Kehilangan hambatan yang terjadi pada kejadian ini mungkin tidak sedramatis. Untuk
membedakannya kita dapat menginjeksikan sekitar 0,5 ml udara melalui spuit.
Apabila ujung jarum telah berada diruangan epidural maka injeksi udara tidak akan
mengalami hambatan sementara otot paraspinosus akan memberikan hambatan.

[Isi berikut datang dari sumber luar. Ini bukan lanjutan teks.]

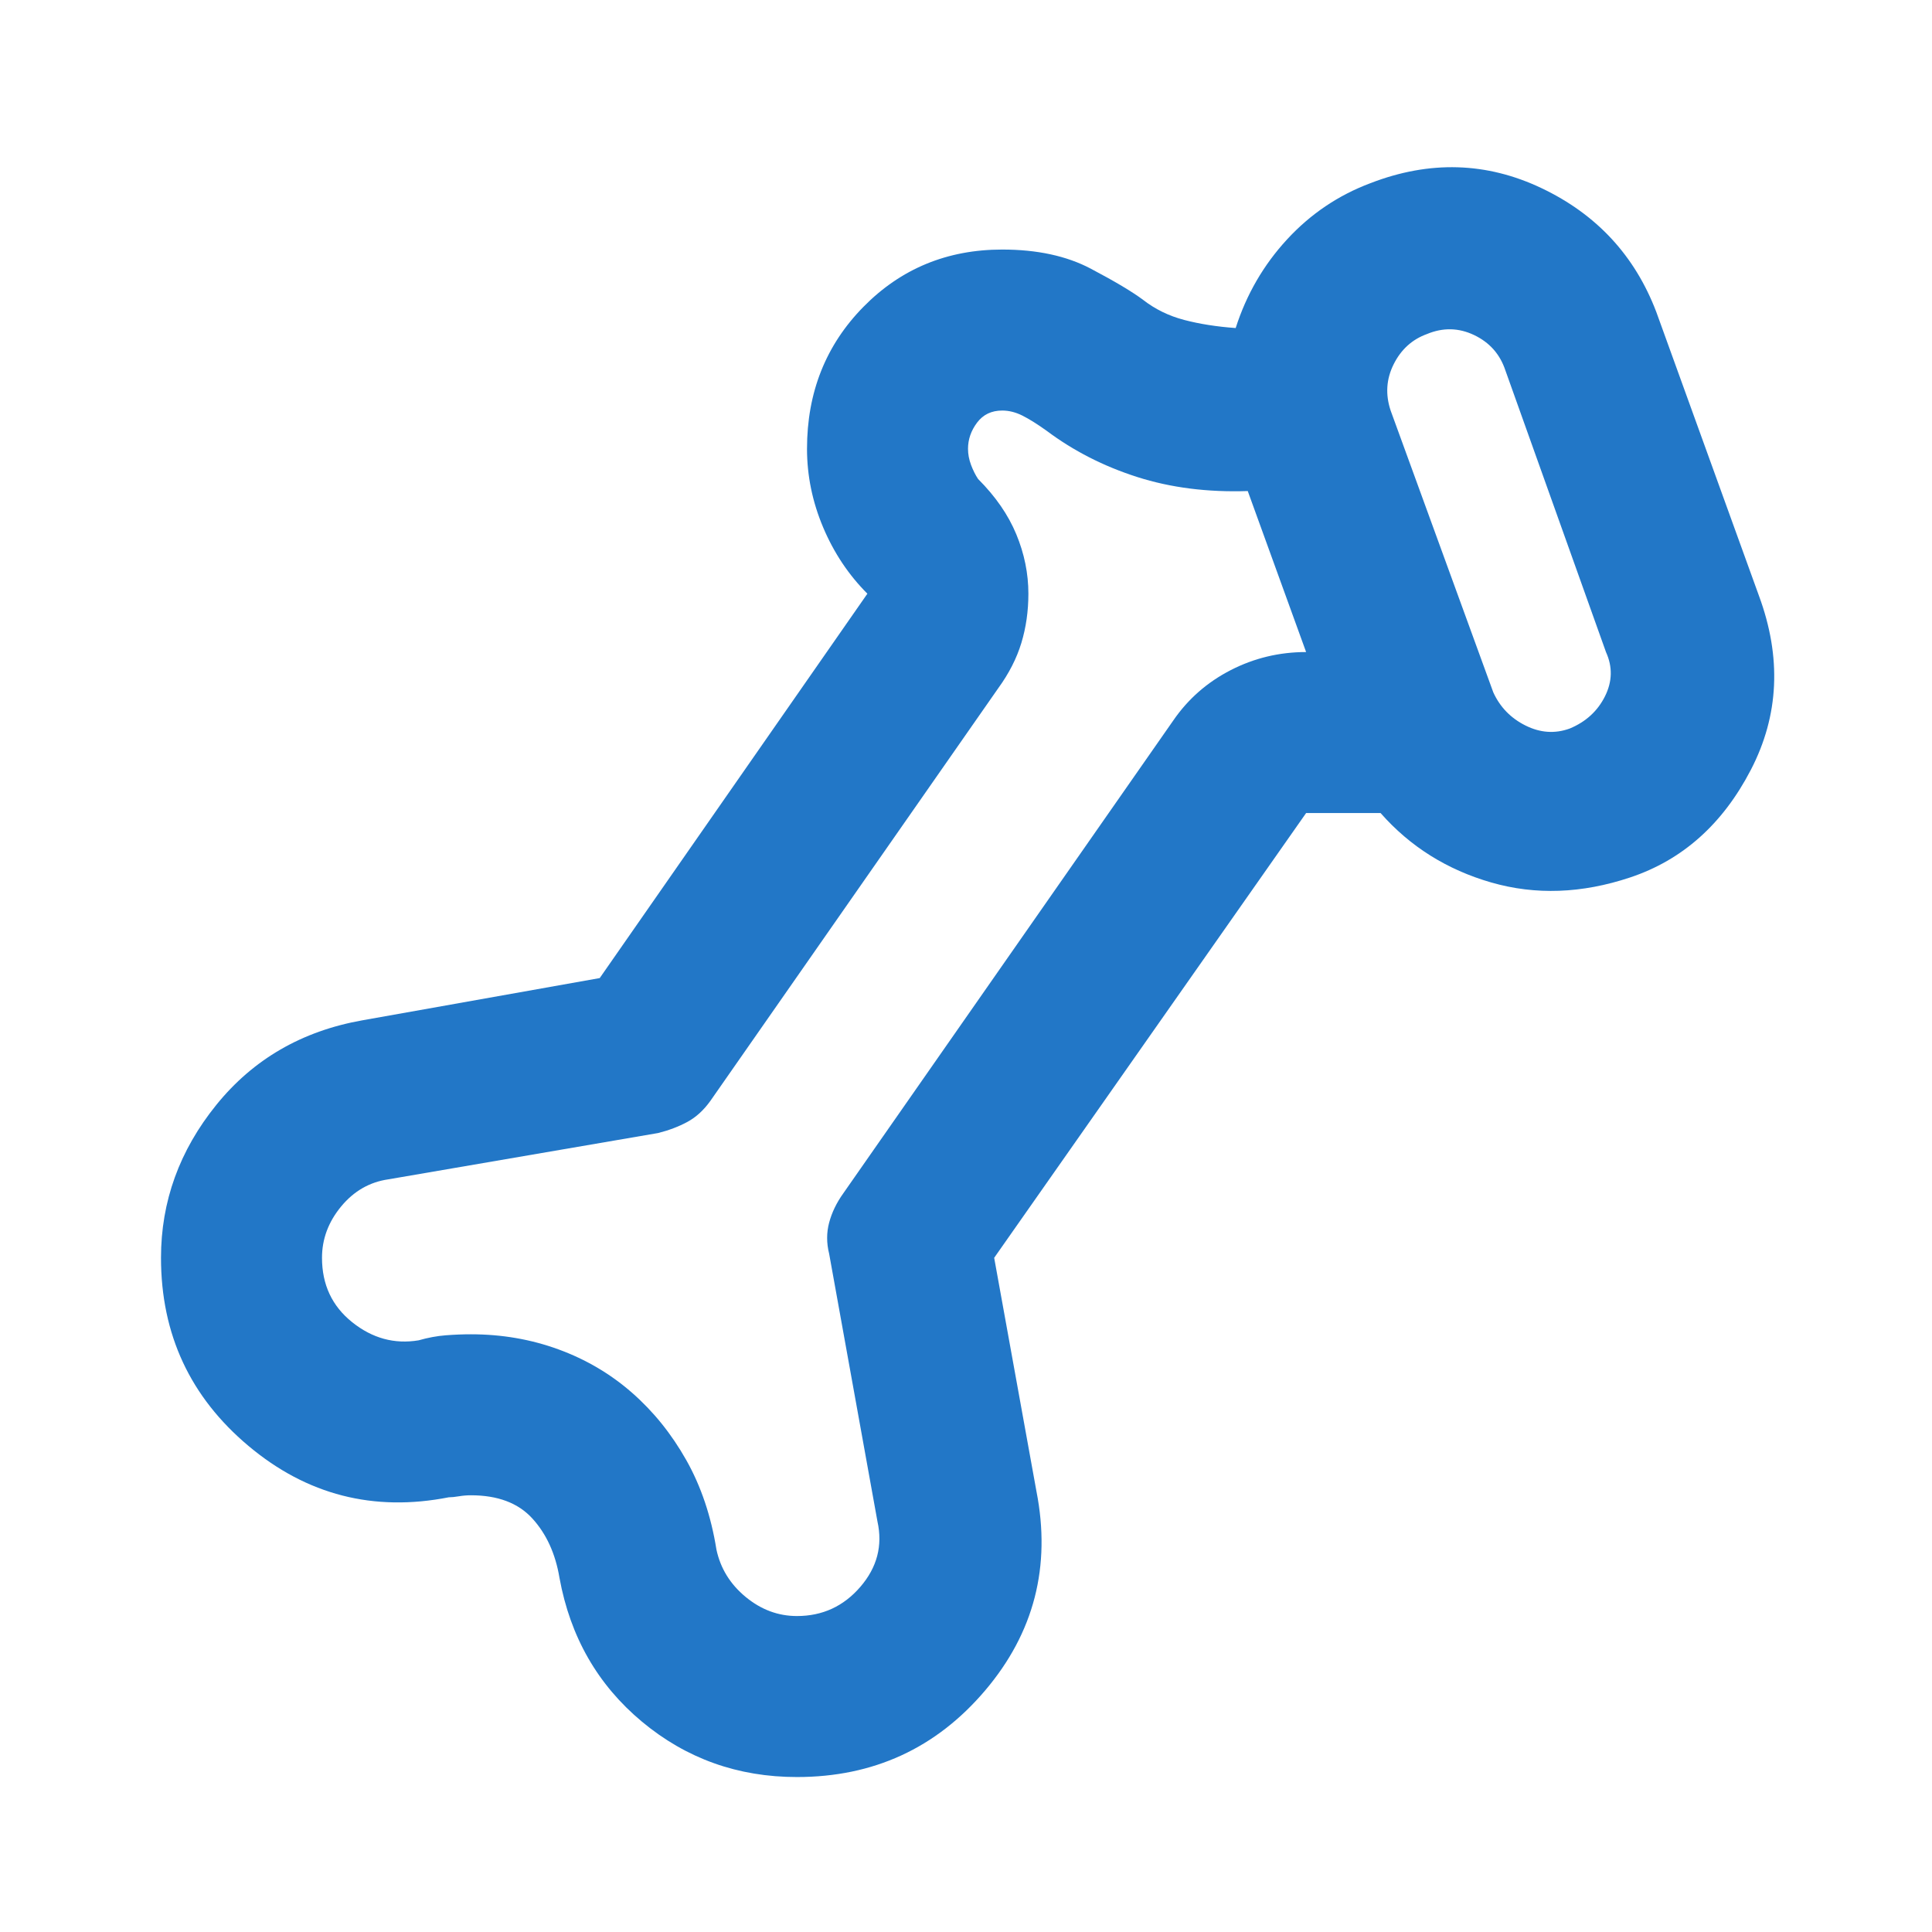 <svg fill="#2277C7" width="24px" viewBox="0 -960 960 960" height="24px" xmlns="http://www.w3.org/2000/svg"><path d="M396-77q-44 0-77-27.5T278-176q-3-18-13.5-29.5T234-217q-3 0-6 .5t-5 .5q-56 11-99.5-25.5T80-335q0-42 27.5-76t72.5-42l118-21 133-191q-14-14-22-33t-8-39q0-42 28-70.5t69-28.5q26 0 44 9.5t26 15.5q9 7 20.5 10t25.5 4q8-25 25.5-44t41.5-28q44-17 85 2.5t57 61.5l51 141q17 46-4 86.5T810-524q-36 12-69 2.5T686-556h-37L494-335l21 116q11 56-25.5 99T396-77Zm0-80q19 0 31.5-14.5T436-204l-24-133q-2-8 0-15.5t7-14.5l164-235q11-16 28.5-25t37.5-9l-29-80q-30 1-55-7t-45-23q-7-5-12-7.5t-10-2.5q-8 0-12.5 6t-4.5 13q0 4 1.5 8t3.5 7q13 13 19 27.5t6 29.5q0 13-3.5 24.5T496-618L353-413q-5 7-11.5 10.5T327-397l-134 23q-14 2-23.5 13.5T160-335q0 20 15 32t33 9q7-2 13.5-2.5t12.5-.5q23 0 43.5 7.5T314-268q16 14 27 33.5t15 44.5q3 14 14.5 23.5T396-157Zm384-441q12-5 17.5-16t.5-22l-50-140q-4-12-15.5-17.5T709-794q-11 4-16.5 15t-1.5 23l51 140q5 11 16 16.5t22 1.5ZM462-485Zm283-212Z"></path></svg>

Setelah ujung jarum mencapai ruangan epidural, hentikan laju jarum. Karena
saat itu mungkin saja dura menonjol ke subaraknoid akibat tekanan jarum dan maju
lebih lanjut lagi artinya beresiko merobek dura, dikena; dengan nama wet tap. Setelah
spuit dilepaskan dari jarum, cairan akan keluar dari pangkal jarum. Cairan ini
biasanya salin yang mengalir keluar dari ruangan epidural. CSS mungkin saja
mengalir keluar apabila ujung jarum berada diruangan subaraknoid. CSS dapat
dibedakan karena akan mengalir lebih cepat melebihi jumlah salin yang dimasukan
setelah terjadi kehilangan hambatan. CSS juga terasa lebih hangat dan juga positif bila
dilakukan tes glukosa.
Bila menggunakan teknik injeksi tunggal, anestesi lokal untuk dosis uji
diberikan untuk memastikan tidak terjadi kesalahan penempatan di IV maupun di
subaraknoid. Setelah dosis uji terbukti negatif, anestetik lokal harus diberikan

bertahap (setiap 5ml) dengan kecepatan 0,5-1 ml/detik. Injeksi perlahan dan bertahap
akan mengurangi nyeri saat penyuntikan dan mampu mendeteksi reaksi yang terjadi
apabila terjadi penempatan di subaraknoid atau intravena sebelum seluruh dosis
diberikan.
Penggunaan kateter untuk anestesi epidural memberikan fleksibelitas yang
lebih besar dibandingkan teknik injeksi tunggal karena kateter dapat digunakan untuk
memperpanjang blokade yang terlalu singkat, menambah blok yang terlalu rendah,
dan anelgesia pascabedah. Kerugiannya, kateter dapat bergeser ke vena epidural,
keruangan subaraknoid atau keluar melalui foramen intervetebralis. Penggunaan
kateter juga dapat menghasilkan blok epidural unilateral akibat pergeseran ujung
katerter keruangan epidural anterior atau ke foramen intervetebralis.